### [How to complete this task]
Reproduce the following entries verbatim, each one complete.

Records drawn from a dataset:
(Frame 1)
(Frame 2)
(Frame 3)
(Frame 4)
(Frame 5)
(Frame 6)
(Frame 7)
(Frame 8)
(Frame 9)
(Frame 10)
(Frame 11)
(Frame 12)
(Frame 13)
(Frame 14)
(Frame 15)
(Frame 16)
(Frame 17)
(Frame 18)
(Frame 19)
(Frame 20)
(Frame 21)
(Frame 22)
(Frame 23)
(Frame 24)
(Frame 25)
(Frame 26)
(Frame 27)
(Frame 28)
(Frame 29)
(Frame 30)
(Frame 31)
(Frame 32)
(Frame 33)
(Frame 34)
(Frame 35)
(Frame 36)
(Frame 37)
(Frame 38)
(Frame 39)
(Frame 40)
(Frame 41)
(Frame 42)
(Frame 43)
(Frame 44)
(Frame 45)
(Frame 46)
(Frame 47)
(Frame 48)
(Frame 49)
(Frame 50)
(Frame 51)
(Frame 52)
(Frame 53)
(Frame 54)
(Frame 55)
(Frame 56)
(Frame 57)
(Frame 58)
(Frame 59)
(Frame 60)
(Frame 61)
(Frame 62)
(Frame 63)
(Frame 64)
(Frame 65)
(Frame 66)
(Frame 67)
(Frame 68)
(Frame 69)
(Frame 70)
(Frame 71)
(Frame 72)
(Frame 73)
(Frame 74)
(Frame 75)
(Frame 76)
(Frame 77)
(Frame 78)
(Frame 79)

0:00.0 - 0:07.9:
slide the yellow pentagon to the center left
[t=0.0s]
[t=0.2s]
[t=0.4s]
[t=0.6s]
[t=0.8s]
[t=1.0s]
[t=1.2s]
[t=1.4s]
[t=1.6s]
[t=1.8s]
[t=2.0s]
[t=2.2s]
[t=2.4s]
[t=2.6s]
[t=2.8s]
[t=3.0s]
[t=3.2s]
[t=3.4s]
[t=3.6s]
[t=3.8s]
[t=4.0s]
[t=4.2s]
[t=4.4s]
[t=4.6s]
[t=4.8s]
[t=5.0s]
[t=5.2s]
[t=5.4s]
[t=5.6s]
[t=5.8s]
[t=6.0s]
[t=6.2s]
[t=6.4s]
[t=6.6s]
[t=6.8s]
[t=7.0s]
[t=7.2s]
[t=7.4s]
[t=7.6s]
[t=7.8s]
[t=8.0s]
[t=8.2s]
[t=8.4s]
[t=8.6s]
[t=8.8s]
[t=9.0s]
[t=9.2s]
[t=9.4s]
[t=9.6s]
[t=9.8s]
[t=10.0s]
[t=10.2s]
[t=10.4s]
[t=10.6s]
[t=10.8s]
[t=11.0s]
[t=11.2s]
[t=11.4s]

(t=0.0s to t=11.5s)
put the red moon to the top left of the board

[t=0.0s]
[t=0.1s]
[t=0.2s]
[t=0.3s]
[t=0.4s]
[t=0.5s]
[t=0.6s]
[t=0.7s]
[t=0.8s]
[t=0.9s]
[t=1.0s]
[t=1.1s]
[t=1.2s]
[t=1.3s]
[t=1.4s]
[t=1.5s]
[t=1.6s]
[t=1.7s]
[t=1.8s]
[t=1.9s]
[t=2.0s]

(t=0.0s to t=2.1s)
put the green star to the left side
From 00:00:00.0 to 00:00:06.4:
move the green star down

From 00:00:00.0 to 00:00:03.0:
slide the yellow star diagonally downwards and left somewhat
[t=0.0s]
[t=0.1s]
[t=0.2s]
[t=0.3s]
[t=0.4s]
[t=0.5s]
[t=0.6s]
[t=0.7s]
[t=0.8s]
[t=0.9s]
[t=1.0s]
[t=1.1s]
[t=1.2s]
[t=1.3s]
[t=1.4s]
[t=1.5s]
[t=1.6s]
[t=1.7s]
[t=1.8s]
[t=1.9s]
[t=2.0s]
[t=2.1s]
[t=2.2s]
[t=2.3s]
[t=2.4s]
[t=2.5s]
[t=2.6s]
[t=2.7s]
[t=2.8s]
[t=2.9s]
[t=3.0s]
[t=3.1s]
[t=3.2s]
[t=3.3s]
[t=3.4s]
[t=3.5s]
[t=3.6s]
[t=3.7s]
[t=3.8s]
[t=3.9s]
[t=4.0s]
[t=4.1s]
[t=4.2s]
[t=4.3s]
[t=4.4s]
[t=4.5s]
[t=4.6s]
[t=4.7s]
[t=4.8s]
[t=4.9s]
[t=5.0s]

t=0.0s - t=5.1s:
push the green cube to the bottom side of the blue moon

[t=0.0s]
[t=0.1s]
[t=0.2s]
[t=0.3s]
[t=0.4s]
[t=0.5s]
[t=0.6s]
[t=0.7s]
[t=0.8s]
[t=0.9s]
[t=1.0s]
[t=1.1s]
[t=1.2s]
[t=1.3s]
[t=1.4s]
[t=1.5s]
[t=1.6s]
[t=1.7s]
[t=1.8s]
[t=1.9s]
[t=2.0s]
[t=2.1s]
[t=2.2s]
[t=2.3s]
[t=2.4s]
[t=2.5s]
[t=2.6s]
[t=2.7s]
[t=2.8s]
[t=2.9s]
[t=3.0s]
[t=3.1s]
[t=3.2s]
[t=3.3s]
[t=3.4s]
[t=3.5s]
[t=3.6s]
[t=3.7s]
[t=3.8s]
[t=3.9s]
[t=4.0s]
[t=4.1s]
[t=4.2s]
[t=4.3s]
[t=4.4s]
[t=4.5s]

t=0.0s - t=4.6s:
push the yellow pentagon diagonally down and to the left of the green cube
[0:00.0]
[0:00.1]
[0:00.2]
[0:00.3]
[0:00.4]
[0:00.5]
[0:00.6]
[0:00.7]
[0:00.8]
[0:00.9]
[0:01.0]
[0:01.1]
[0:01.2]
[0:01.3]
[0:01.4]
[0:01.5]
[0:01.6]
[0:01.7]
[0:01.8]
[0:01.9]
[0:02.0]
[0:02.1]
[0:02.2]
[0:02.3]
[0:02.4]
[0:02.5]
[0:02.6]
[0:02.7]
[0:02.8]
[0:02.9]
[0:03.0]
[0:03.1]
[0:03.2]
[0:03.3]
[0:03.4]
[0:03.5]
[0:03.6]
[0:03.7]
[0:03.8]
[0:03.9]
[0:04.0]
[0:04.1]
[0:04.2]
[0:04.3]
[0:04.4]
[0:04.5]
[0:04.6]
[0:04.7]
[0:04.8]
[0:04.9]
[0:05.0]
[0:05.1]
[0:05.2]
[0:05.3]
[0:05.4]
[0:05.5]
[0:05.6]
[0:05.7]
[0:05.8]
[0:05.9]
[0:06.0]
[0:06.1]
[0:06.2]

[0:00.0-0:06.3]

### [Output of the task]
(Frame 1)
(Frame 2)
(Frame 3)
(Frame 4)
(Frame 5)
(Frame 6)
(Frame 7)
(Frame 8)
(Frame 9)
(Frame 10)
(Frame 11)
(Frame 12)
(Frame 13)
(Frame 14)
(Frame 15)
(Frame 16)
(Frame 17)
(Frame 18)
(Frame 19)
(Frame 20)
(Frame 21)
(Frame 22)
(Frame 23)
(Frame 24)
(Frame 25)
(Frame 26)
(Frame 27)
(Frame 28)
(Frame 29)
(Frame 30)
(Frame 31)
(Frame 32)
(Frame 33)
(Frame 34)
(Frame 35)
(Frame 36)
(Frame 37)
(Frame 38)
(Frame 39)
(Frame 40)
(Frame 41)
(Frame 42)
(Frame 43)
(Frame 44)
(Frame 45)
(Frame 46)
(Frame 47)
(Frame 48)
(Frame 49)
(Frame 50)
(Frame 51)
(Frame 52)
(Frame 53)
(Frame 54)
(Frame 55)
(Frame 56)
(Frame 57)
(Frame 58)
(Frame 59)
(Frame 60)
(Frame 61)
(Frame 62)
(Frame 63)
(Frame 64)
(Frame 65)
(Frame 66)
(Frame 67)
(Frame 68)
(Frame 69)
(Frame 70)
(Frame 71)
(Frame 72)
(Frame 73)
(Frame 74)
(Frame 75)
(Frame 76)
(Frame 77)
(Frame 78)
(Frame 79)

0:00.0 - 0:07.9:
slide the yellow pentagon to the center left
[t=0.0s]
[t=0.2s]
[t=0.4s]
[t=0.6s]
[t=0.8s]
[t=1.0s]
[t=1.2s]
[t=1.4s]
[t=1.6s]
[t=1.8s]
[t=2.0s]
[t=2.2s]
[t=2.4s]
[t=2.6s]
[t=2.8s]
[t=3.0s]
[t=3.2s]
[t=3.4s]
[t=3.6s]
[t=3.8s]
[t=4.0s]
[t=4.2s]
[t=4.4s]
[t=4.6s]
[t=4.8s]
[t=5.0s]
[t=5.2s]
[t=5.4s]
[t=5.6s]
[t=5.8s]
[t=6.0s]
[t=6.2s]
[t=6.4s]
[t=6.6s]
[t=6.8s]
[t=7.0s]
[t=7.2s]
[t=7.4s]
[t=7.6s]
[t=7.8s]
[t=8.0s]
[t=8.2s]
[t=8.4s]
[t=8.6s]
[t=8.8s]
[t=9.0s]
[t=9.2s]
[t=9.4s]
[t=9.6s]
[t=9.8s]
[t=10.0s]
[t=10.2s]
[t=10.4s]
[t=10.6s]
[t=10.8s]
[t=11.0s]
[t=11.2s]
[t=11.4s]

(t=0.0s to t=11.5s)
put the red moon to the top left of the board

[t=0.0s]
[t=0.1s]
[t=0.2s]
[t=0.3s]
[t=0.4s]
[t=0.5s]
[t=0.6s]
[t=0.7s]
[t=0.8s]
[t=0.9s]
[t=1.0s]
[t=1.1s]
[t=1.2s]
[t=1.3s]
[t=1.4s]
[t=1.5s]
[t=1.6s]
[t=1.7s]
[t=1.8s]
[t=1.9s]
[t=2.0s]

(t=0.0s to t=2.1s)
put the green star to the left side
From 00:00:00.0 to 00:00:06.4:
move the green star down

From 00:00:00.0 to 00:00:03.0:
slide the yellow star diagonally downwards and left somewhat
[t=0.0s]
[t=0.1s]
[t=0.2s]
[t=0.3s]
[t=0.4s]
[t=0.5s]
[t=0.6s]
[t=0.7s]
[t=0.8s]
[t=0.9s]
[t=1.0s]
[t=1.1s]
[t=1.2s]
[t=1.3s]
[t=1.4s]
[t=1.5s]
[t=1.6s]
[t=1.7s]
[t=1.8s]
[t=1.9s]
[t=2.0s]
[t=2.1s]
[t=2.2s]
[t=2.3s]
[t=2.4s]
[t=2.5s]
[t=2.6s]
[t=2.7s]
[t=2.8s]
[t=2.9s]
[t=3.0s]
[t=3.1s]
[t=3.2s]
[t=3.3s]
[t=3.4s]
[t=3.5s]
[t=3.6s]
[t=3.7s]
[t=3.8s]
[t=3.9s]
[t=4.0s]
[t=4.1s]
[t=4.2s]
[t=4.3s]
[t=4.4s]
[t=4.5s]
[t=4.6s]
[t=4.7s]
[t=4.8s]
[t=4.9s]
[t=5.0s]

t=0.0s - t=5.1s:
push the green cube to the bottom side of the blue moon

[t=0.0s]
[t=0.1s]
[t=0.2s]
[t=0.3s]
[t=0.4s]
[t=0.5s]
[t=0.6s]
[t=0.7s]
[t=0.8s]
[t=0.9s]
[t=1.0s]
[t=1.1s]
[t=1.2s]
[t=1.3s]
[t=1.4s]
[t=1.5s]
[t=1.6s]
[t=1.7s]
[t=1.8s]
[t=1.9s]
[t=2.0s]
[t=2.1s]
[t=2.2s]
[t=2.3s]
[t=2.4s]
[t=2.5s]
[t=2.6s]
[t=2.7s]
[t=2.8s]
[t=2.9s]
[t=3.0s]
[t=3.1s]
[t=3.2s]
[t=3.3s]
[t=3.4s]
[t=3.5s]
[t=3.6s]
[t=3.7s]
[t=3.8s]
[t=3.9s]
[t=4.0s]
[t=4.1s]
[t=4.2s]
[t=4.3s]
[t=4.4s]
[t=4.5s]

t=0.0s - t=4.6s:
push the yellow pentagon diagonally down and to the left of the green cube
[0:00.0]
[0:00.1]
[0:00.2]
[0:00.3]
[0:00.4]
[0:00.5]
[0:00.6]
[0:00.7]
[0:00.8]
[0:00.9]
[0:01.0]
[0:01.1]
[0:01.2]
[0:01.3]
[0:01.4]
[0:01.5]
[0:01.6]
[0:01.7]
[0:01.8]
[0:01.9]
[0:02.0]
[0:02.1]
[0:02.2]
[0:02.3]
[0:02.4]
[0:02.5]
[0:02.6]
[0:02.7]
[0:02.8]
[0:02.9]
[0:03.0]
[0:03.1]
[0:03.2]
[0:03.3]
[0:03.4]
[0:03.5]
[0:03.6]
[0:03.7]
[0:03.8]
[0:03.9]
[0:04.0]
[0:04.1]
[0:04.2]
[0:04.3]
[0:04.4]
[0:04.5]
[0:04.6]
[0:04.7]
[0:04.8]
[0:04.9]
[0:05.0]
[0:05.1]
[0:05.2]
[0:05.3]
[0:05.4]
[0:05.5]
[0:05.6]
[0:05.7]
[0:05.8]
[0:05.9]
[0:06.0]
[0:06.1]
[0:06.2]

[0:00.0-0:06.3]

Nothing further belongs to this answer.